*HOW TO COMPLETE THIS TASK*: Would you restate each line of the data below word for word, without its pictures?

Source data

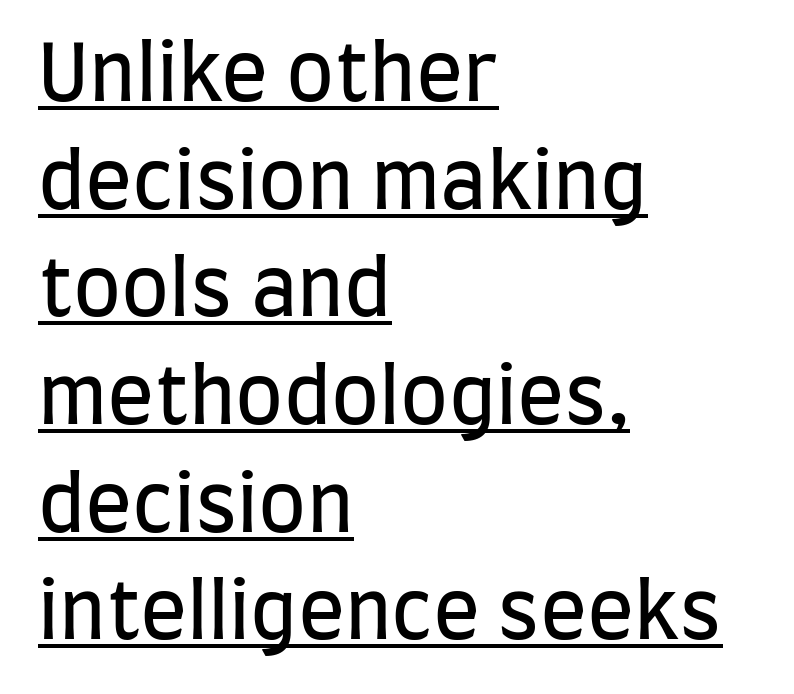
Q: Is the text bold? A: No.
Q: Is the text italic (slanted)? A: No, it is upright.
Q: Is the typeface a serif or a sans-serif typeface? A: Sans-serif.
Q: Is the text underlined? A: Yes.
Q: How is the paragraph aligned? A: Left-aligned.
Q: Is the spacing between letters normal or unusually wide? A: Normal.
Q: Is the spacing between lines tight, normal or loose? A: Normal.
Q: Width (condensed, normal, or wide)? A: Condensed.
Q: Stroke contrast? A: Low.
Q: x-height? A: Large.
Q: Monospaced? A: No.
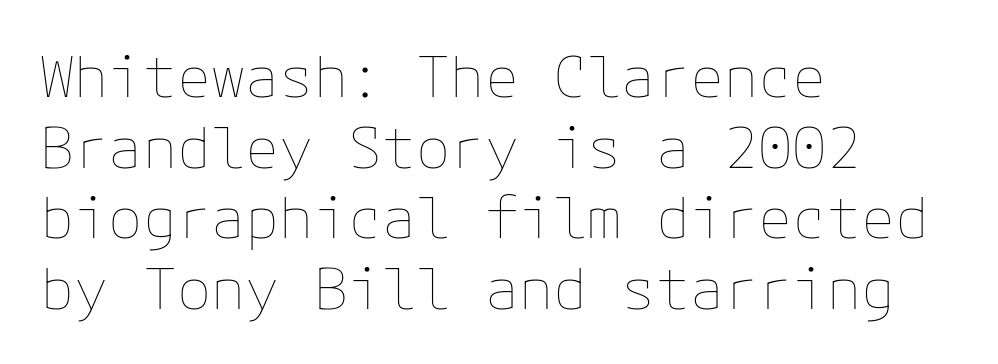
{"italic": "no", "bold": "no", "weight": "thin", "width": "normal", "stroke_contrast": "low", "x_height": "medium", "underline": "no", "align": "left", "line_spacing_ratio": 1.24, "letter_spacing": "normal", "letter_spacing_em": 0.0, "glyph_px": 57}
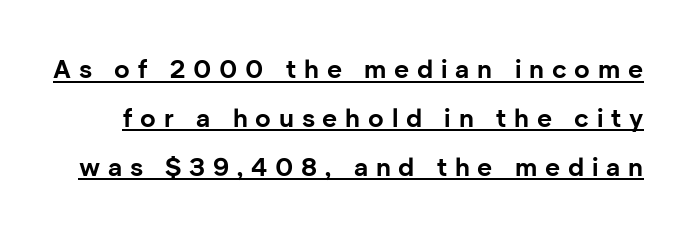
Q: Is the text bold? A: Yes.
Q: Is the text italic (slanted)? A: No, it is upright.
Q: Is the text underlined? A: Yes.
Q: Is the spacing between letters normal or unusually wide? A: Unusually wide.
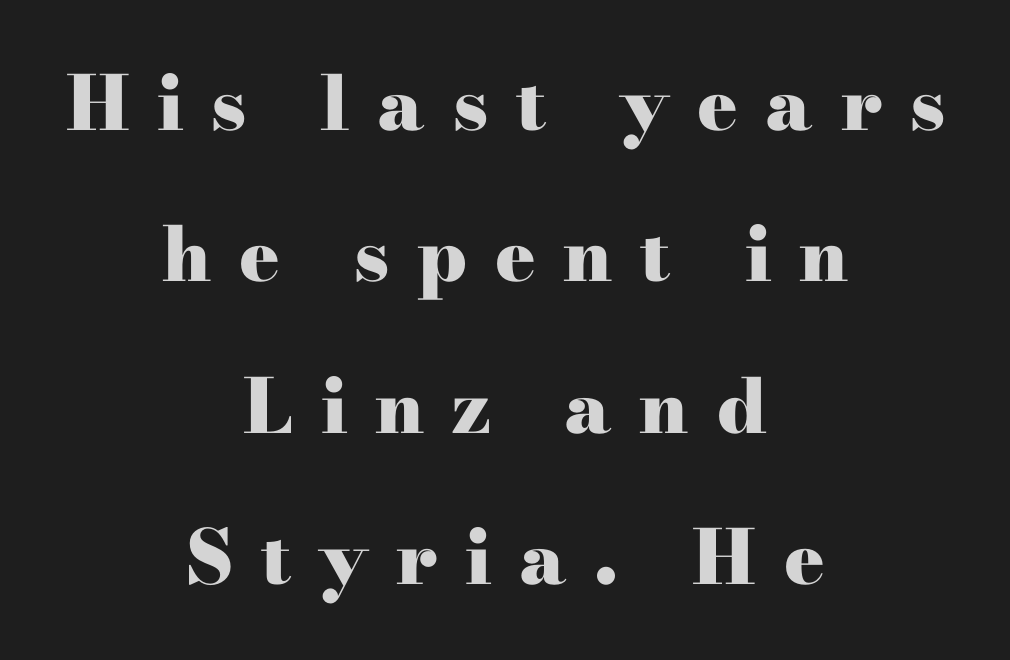
{"serif": "yes", "italic": "no", "bold": "yes", "weight": "heavy", "width": "wide", "stroke_contrast": "high", "x_height": "small", "monospaced": "no", "underline": "no", "align": "center", "line_spacing": "loose", "line_spacing_ratio": 2.02, "letter_spacing": "wide", "letter_spacing_em": 0.37, "glyph_px": 75}
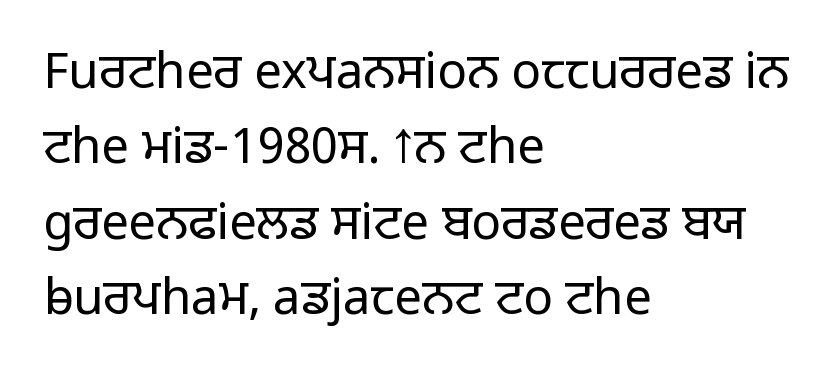
The axis of the letterforms is exactly vertical. Stem width sits at or under what a default text font uses. Normally led — the rows are evenly, conventionally spaced. These lines are composed in type without serifs. Nobody touched the tracking dial on this one.
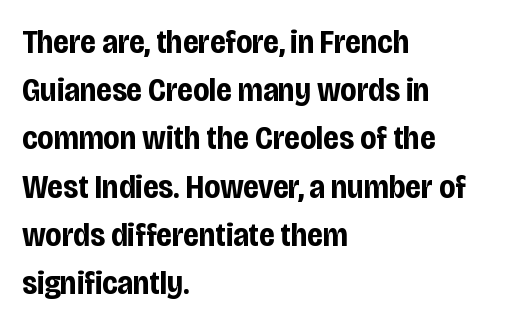
{"serif": "no", "italic": "no", "bold": "yes", "weight": "bold", "width": "condensed", "stroke_contrast": "low", "x_height": "large", "monospaced": "no", "underline": "no", "align": "left", "line_spacing": "normal", "line_spacing_ratio": 1.46, "letter_spacing": "normal", "letter_spacing_em": 0.0, "glyph_px": 33}
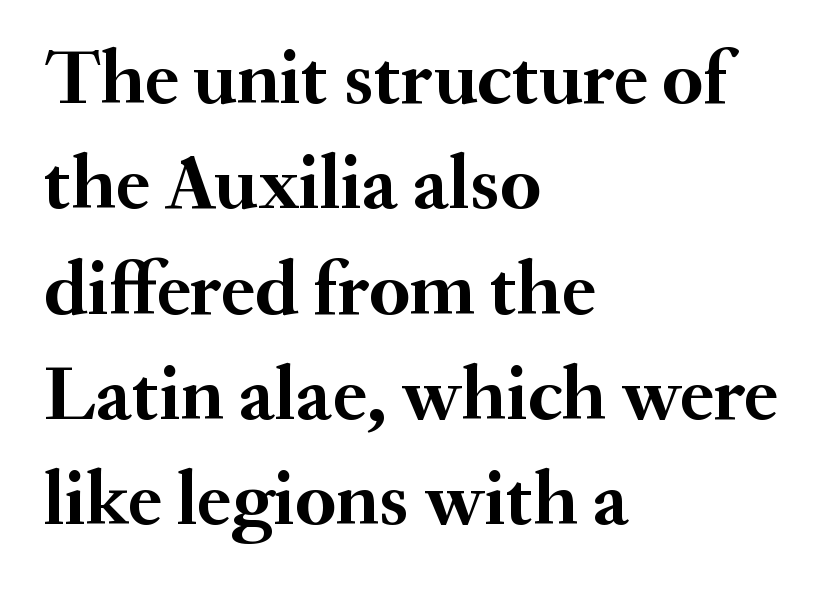
Q: Is the text bold? A: Yes.
Q: Is the text italic (slanted)? A: No, it is upright.
Q: Is the typeface a serif or a sans-serif typeface? A: Serif.
Q: Is the text underlined? A: No.
Q: How is the paragraph aligned? A: Left-aligned.
Q: Is the spacing between letters normal or unusually wide? A: Normal.
Q: Is the spacing between lines tight, normal or loose? A: Normal.
Q: Width (condensed, normal, or wide)? A: Normal.
Q: Stroke contrast? A: Medium.
Q: x-height? A: Small.
Q: Monospaced? A: No.
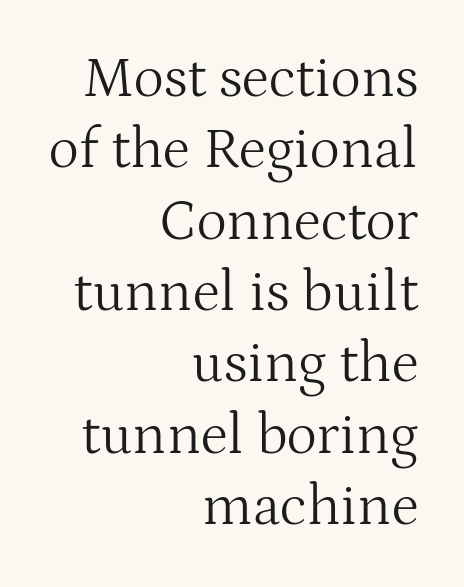
The image shows 58 px light serif type, upright; set right-aligned, line spacing 1.23x, normal letter spacing, not underlined; medium stroke contrast and a medium x-height.
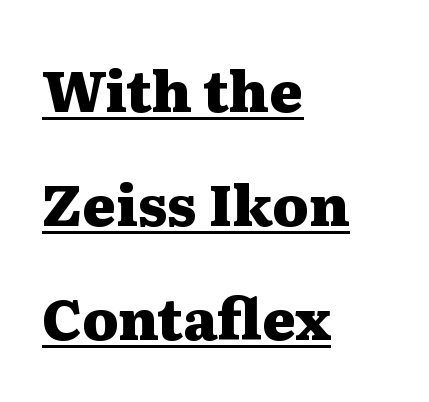
{"serif": "yes", "italic": "no", "bold": "yes", "weight": "heavy", "width": "wide", "stroke_contrast": "medium", "x_height": "medium", "monospaced": "no", "underline": "yes", "align": "left", "line_spacing": "loose", "line_spacing_ratio": 2.0, "letter_spacing": "normal", "letter_spacing_em": 0.0, "glyph_px": 57}
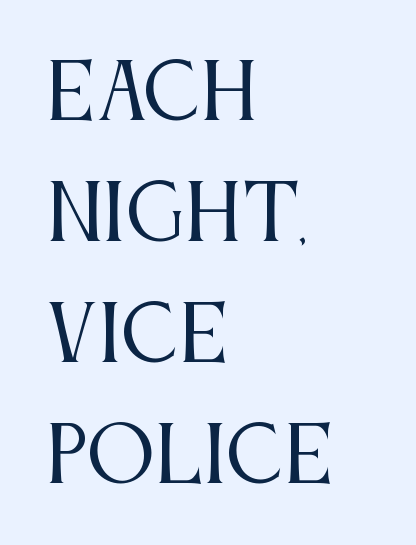
Q: Is the text bold? A: No.
Q: Is the text italic (slanted)? A: No, it is upright.
Q: Is the typeface a serif or a sans-serif typeface? A: Serif.
Q: Is the text underlined? A: No.
Q: How is the paragraph aligned? A: Left-aligned.
Q: Is the spacing between letters normal or unusually wide? A: Normal.
Q: Is the spacing between lines tight, normal or loose? A: Normal.
Q: Width (condensed, normal, or wide)? A: Condensed.
Q: Stroke contrast? A: Medium.
Q: x-height? A: Large.
Q: Monospaced? A: No.
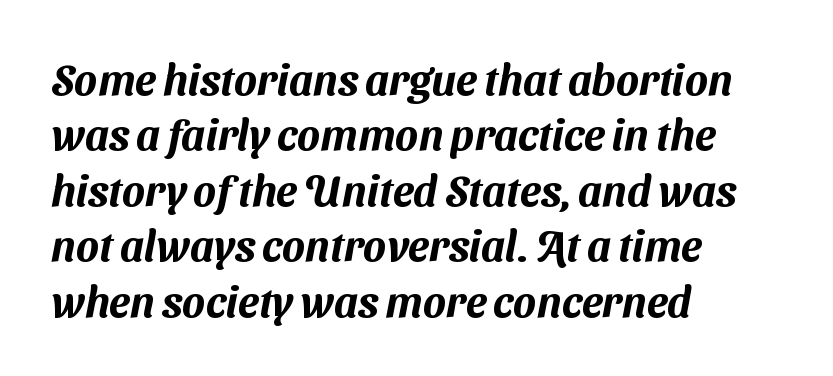
{"serif": "no", "width": "normal", "stroke_contrast": "medium", "x_height": "medium", "monospaced": "no", "underline": "no", "align": "left", "line_spacing": "normal", "line_spacing_ratio": 1.29, "letter_spacing": "normal", "letter_spacing_em": 0.0, "glyph_px": 43}

*COMPLETED EXERCISE*:
Q: Is the text bold? A: No.
Q: Is the text italic (slanted)? A: No, it is upright.
Q: Is the typeface a serif or a sans-serif typeface? A: Sans-serif.
Q: Is the text underlined? A: Yes.
Q: How is the paragraph aligned? A: Left-aligned.
Q: Is the spacing between letters normal or unusually wide? A: Normal.
Q: Is the spacing between lines tight, normal or loose? A: Normal.
Q: Width (condensed, normal, or wide)? A: Condensed.
Q: Stroke contrast? A: Low.
Q: x-height? A: Large.
Q: Monospaced? A: No.
{"italic": "no", "bold": "no", "weight": "thin", "width": "normal", "stroke_contrast": "low", "x_height": "medium", "underline": "no", "align": "left", "line_spacing_ratio": 1.24, "letter_spacing": "normal", "letter_spacing_em": 0.0, "glyph_px": 57}
Q: Is the text bold? A: Yes.
Q: Is the text italic (slanted)? A: No, it is upright.
Q: Is the text underlined? A: Yes.
Q: Is the spacing between letters normal or unusually wide? A: Unusually wide.
{"serif": "yes", "italic": "no", "bold": "yes", "weight": "heavy", "width": "wide", "stroke_contrast": "high", "x_height": "small", "monospaced": "no", "underline": "no", "align": "center", "line_spacing": "loose", "line_spacing_ratio": 2.02, "letter_spacing": "wide", "letter_spacing_em": 0.37, "glyph_px": 75}
The axis of the letterforms is exactly vertical. Stem width sits at or under what a default text font uses. Normally led — the rows are evenly, conventionally spaced. These lines are composed in type without serifs. Nobody touched the tracking dial on this one.
{"serif": "no", "italic": "no", "bold": "yes", "weight": "bold", "width": "condensed", "stroke_contrast": "low", "x_height": "large", "monospaced": "no", "underline": "no", "align": "left", "line_spacing": "normal", "line_spacing_ratio": 1.46, "letter_spacing": "normal", "letter_spacing_em": 0.0, "glyph_px": 33}
Q: Is the text bold? A: Yes.
Q: Is the text italic (slanted)? A: No, it is upright.
Q: Is the typeface a serif or a sans-serif typeface? A: Serif.
Q: Is the text underlined? A: No.
Q: How is the paragraph aligned? A: Left-aligned.
Q: Is the spacing between letters normal or unusually wide? A: Normal.
Q: Is the spacing between lines tight, normal or loose? A: Normal.
Q: Width (condensed, normal, or wide)? A: Normal.
Q: Stroke contrast? A: Medium.
Q: x-height? A: Small.
Q: Monospaced? A: No.
The image shows 58 px light serif type, upright; set right-aligned, line spacing 1.23x, normal letter spacing, not underlined; medium stroke contrast and a medium x-height.
{"serif": "yes", "italic": "no", "bold": "yes", "weight": "heavy", "width": "wide", "stroke_contrast": "medium", "x_height": "medium", "monospaced": "no", "underline": "yes", "align": "left", "line_spacing": "loose", "line_spacing_ratio": 2.0, "letter_spacing": "normal", "letter_spacing_em": 0.0, "glyph_px": 57}
Q: Is the text bold? A: No.
Q: Is the text italic (slanted)? A: No, it is upright.
Q: Is the typeface a serif or a sans-serif typeface? A: Serif.
Q: Is the text underlined? A: No.
Q: How is the paragraph aligned? A: Left-aligned.
Q: Is the spacing between letters normal or unusually wide? A: Normal.
Q: Is the spacing between lines tight, normal or loose? A: Normal.
Q: Width (condensed, normal, or wide)? A: Condensed.
Q: Stroke contrast? A: Medium.
Q: x-height? A: Large.
Q: Monospaced? A: No.
{"serif": "no", "width": "normal", "stroke_contrast": "medium", "x_height": "medium", "monospaced": "no", "underline": "no", "align": "left", "line_spacing": "normal", "line_spacing_ratio": 1.29, "letter_spacing": "normal", "letter_spacing_em": 0.0, "glyph_px": 43}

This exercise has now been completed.